Exercise instructions -
Copy exactly the lines of the data below, beginning with the line with "Q: x-height? A: Small." and ending with the line with "Designer's note —". Pictures are to be omitted.

+++ Records for this exercise +++

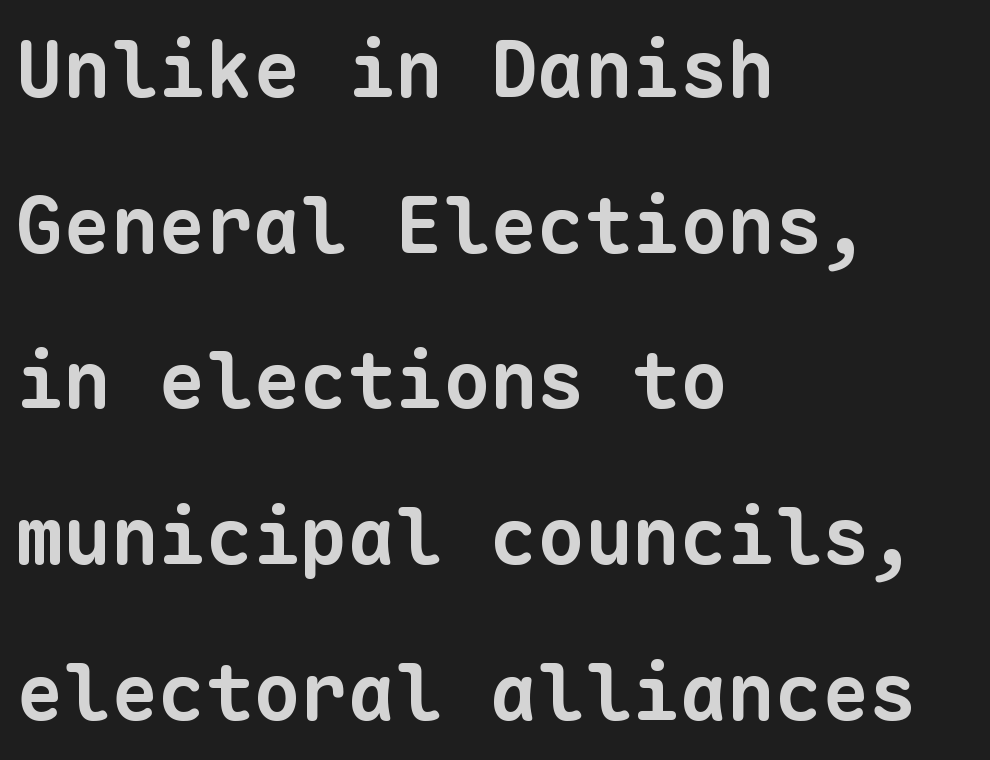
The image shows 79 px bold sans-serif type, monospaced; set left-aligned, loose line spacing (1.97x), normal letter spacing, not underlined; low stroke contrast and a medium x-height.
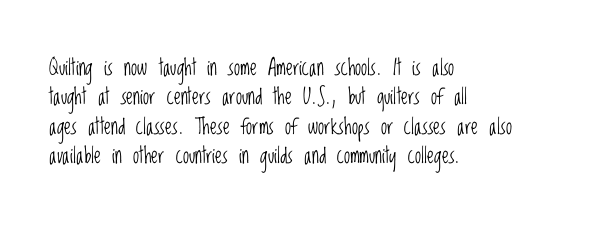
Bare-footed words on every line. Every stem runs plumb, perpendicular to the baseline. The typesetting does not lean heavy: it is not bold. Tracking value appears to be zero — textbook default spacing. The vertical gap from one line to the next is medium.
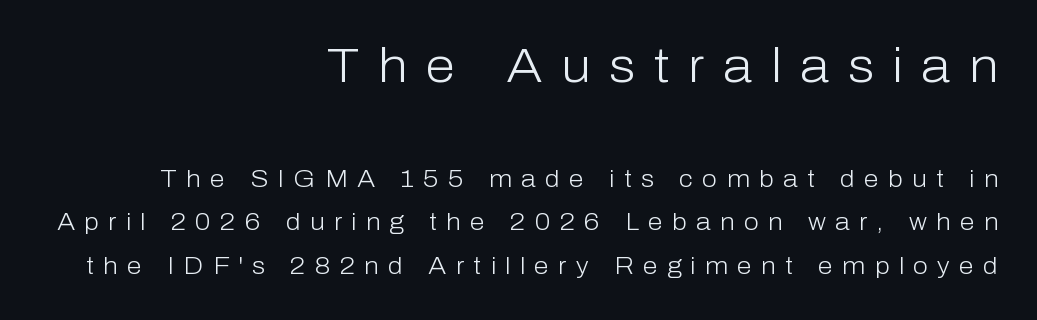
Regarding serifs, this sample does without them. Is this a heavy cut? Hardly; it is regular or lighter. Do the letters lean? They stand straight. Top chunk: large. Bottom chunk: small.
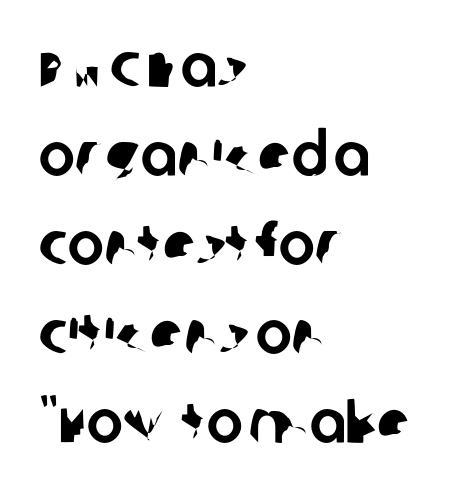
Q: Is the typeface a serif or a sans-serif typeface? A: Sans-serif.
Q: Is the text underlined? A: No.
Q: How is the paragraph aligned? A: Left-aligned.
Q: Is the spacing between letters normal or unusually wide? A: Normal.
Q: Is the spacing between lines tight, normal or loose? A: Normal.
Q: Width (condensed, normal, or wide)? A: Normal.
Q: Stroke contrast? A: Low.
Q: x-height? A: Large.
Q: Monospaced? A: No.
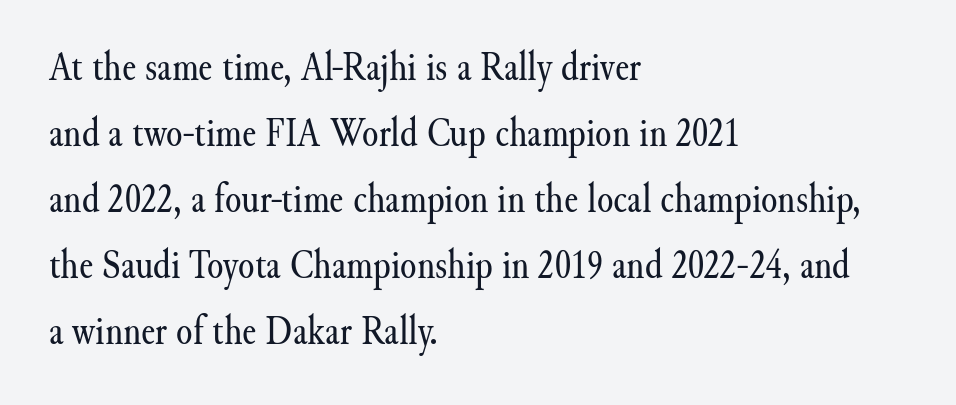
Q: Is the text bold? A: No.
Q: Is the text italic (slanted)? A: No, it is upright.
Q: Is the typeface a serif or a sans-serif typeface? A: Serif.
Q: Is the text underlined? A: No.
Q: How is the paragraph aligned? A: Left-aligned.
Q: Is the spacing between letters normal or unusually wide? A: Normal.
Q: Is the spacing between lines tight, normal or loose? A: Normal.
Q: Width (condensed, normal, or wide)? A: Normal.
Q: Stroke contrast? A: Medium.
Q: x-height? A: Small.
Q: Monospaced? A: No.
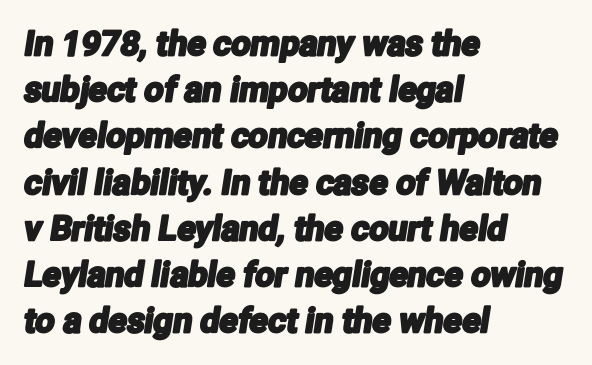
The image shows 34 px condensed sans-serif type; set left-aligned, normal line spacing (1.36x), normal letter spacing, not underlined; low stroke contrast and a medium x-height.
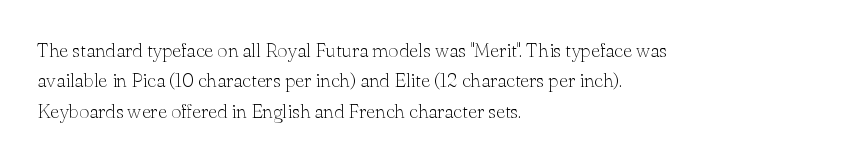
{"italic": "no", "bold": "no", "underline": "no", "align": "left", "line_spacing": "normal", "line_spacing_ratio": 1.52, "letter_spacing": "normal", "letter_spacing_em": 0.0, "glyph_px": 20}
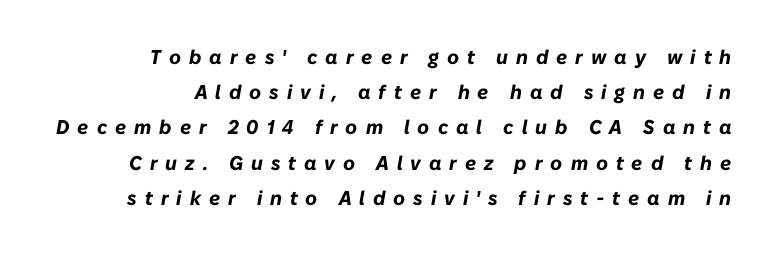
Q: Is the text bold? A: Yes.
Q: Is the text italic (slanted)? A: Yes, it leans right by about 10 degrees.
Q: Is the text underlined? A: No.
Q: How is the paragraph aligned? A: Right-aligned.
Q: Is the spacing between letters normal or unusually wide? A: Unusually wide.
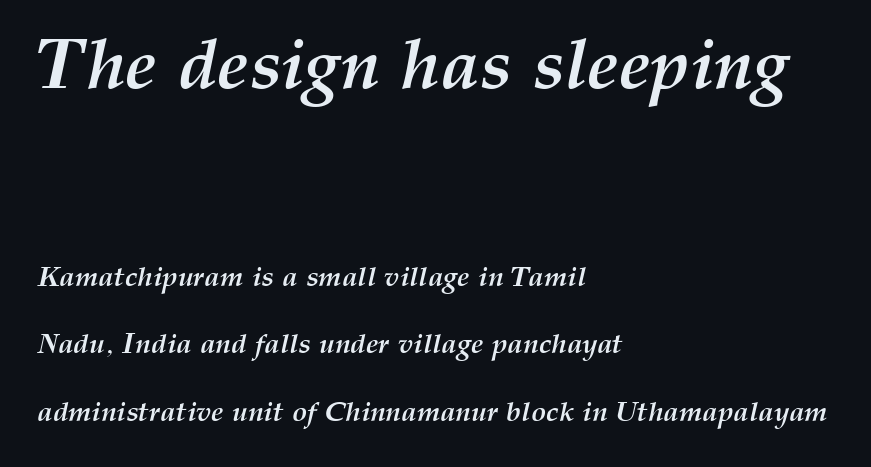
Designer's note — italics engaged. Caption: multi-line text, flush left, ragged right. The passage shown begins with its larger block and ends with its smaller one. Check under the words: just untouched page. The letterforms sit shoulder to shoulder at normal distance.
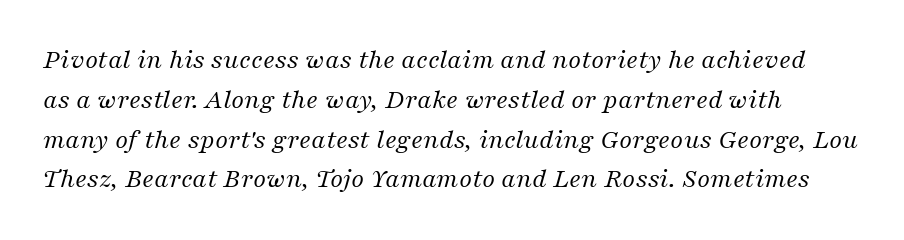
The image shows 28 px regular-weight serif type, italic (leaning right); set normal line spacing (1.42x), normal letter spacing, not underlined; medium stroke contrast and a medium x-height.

+++
+++ Records for this exercise +++

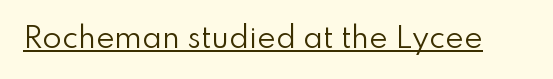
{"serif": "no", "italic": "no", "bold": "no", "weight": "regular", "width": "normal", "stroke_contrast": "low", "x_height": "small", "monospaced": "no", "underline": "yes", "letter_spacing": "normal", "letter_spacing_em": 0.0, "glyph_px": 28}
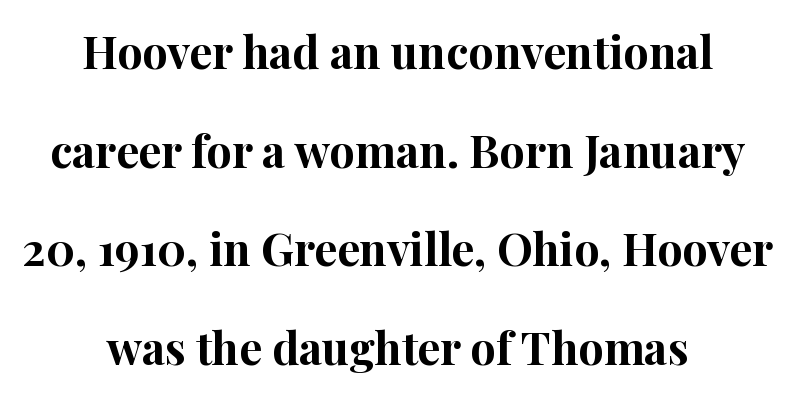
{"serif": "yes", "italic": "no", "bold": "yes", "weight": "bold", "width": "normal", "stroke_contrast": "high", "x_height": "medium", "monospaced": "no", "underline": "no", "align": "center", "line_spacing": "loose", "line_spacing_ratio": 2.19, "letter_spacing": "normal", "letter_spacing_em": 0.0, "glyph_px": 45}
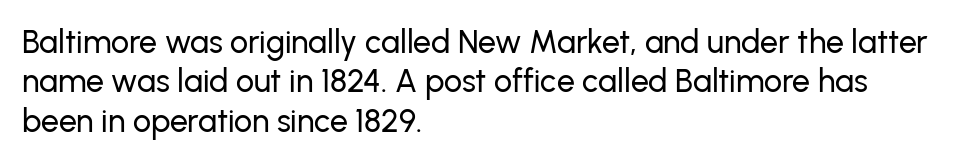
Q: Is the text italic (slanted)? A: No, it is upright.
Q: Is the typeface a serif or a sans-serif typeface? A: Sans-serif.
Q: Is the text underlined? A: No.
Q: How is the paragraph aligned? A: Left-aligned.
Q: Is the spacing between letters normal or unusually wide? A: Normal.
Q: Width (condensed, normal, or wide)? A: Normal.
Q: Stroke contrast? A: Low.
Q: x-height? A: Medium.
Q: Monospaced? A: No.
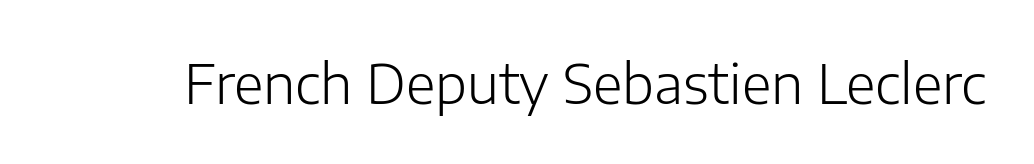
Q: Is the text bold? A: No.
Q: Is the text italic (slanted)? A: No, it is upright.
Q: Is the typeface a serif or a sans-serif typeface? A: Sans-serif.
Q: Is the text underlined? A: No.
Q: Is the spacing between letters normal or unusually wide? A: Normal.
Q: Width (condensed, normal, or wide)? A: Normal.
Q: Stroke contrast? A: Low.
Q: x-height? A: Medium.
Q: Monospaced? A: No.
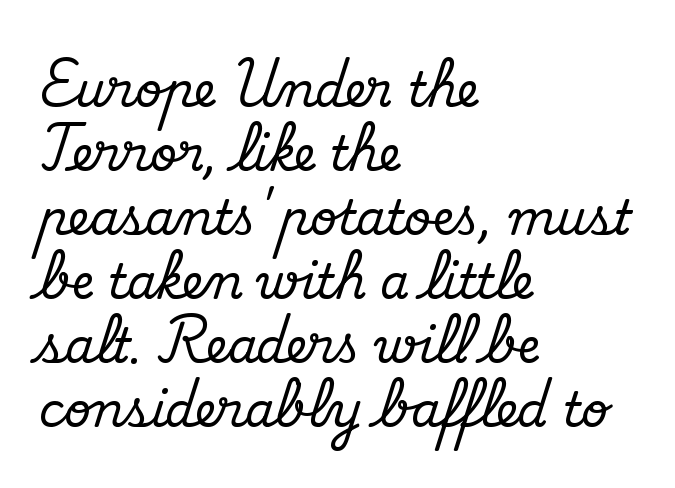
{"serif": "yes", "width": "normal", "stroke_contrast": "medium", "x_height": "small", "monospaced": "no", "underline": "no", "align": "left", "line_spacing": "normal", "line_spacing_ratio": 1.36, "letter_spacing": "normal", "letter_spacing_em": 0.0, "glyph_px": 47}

+++

Response to this exercise -
Q: x-height? A: Small.
Q: Monospaced? A: No.
The image shows 34 px condensed sans-serif type; set left-aligned, normal line spacing (1.36x), normal letter spacing, not underlined; low stroke contrast and a medium x-height.
{"italic": "no", "bold": "no", "underline": "no", "align": "left", "line_spacing": "normal", "line_spacing_ratio": 1.52, "letter_spacing": "normal", "letter_spacing_em": 0.0, "glyph_px": 20}
Q: Is the text bold? A: Yes.
Q: Is the text italic (slanted)? A: Yes, it leans right by about 10 degrees.
Q: Is the text underlined? A: No.
Q: How is the paragraph aligned? A: Right-aligned.
Q: Is the spacing between letters normal or unusually wide? A: Unusually wide.
Designer's note — italics engaged. Caption: multi-line text, flush left, ragged right. The passage shown begins with its larger block and ends with its smaller one. Check under the words: just untouched page. The letterforms sit shoulder to shoulder at normal distance.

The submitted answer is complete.